How Long Will Life Survive on Earth?

Life has existed on Earth for billions of years, appearing shortly after the planet had cooled and liquid water became available.

From the first bacteria to the amazingly complex animals we see today, life has colonized every corner of our planet.

As you know, our Sun has a limited lifespan.

Over the next 5 billion years, it will burn the last of its hydrogen, bloat up as a red giant and consume Mercury and Venus.

This would be totally disastrous for local flora and fauna, but all life on the surface of the Earth will already be long gone.

In fact, we have less than a billion years to enjoy the surface of our planet before it becomes inhospitable.

Because our Sun… is heating up.

You can’t feel it over the course of a human lifetime, but over hundreds of millions of years, the amount of radiation pouring out of the Sun will grow.

This will heat the surface of our planet to the point that the oceans boil.
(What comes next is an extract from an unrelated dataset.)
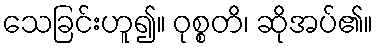
သေခြင်းဟူ၍။ ဝုစ္စတိ၊ ဆိုအပ်၏။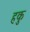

At the core of the Sun, the high temperatures and pressures convert hydrogen into helium. For every tonne of material the Sun converts, it shrinks a bit making the Sun denser, and a little hotter.

Over the course of the next billion years or so, the amount of energy the Earth receives from the Sun will increase by about 10%. Which doesn’t sound like much, but it means a greenhouse effect of epic proportions.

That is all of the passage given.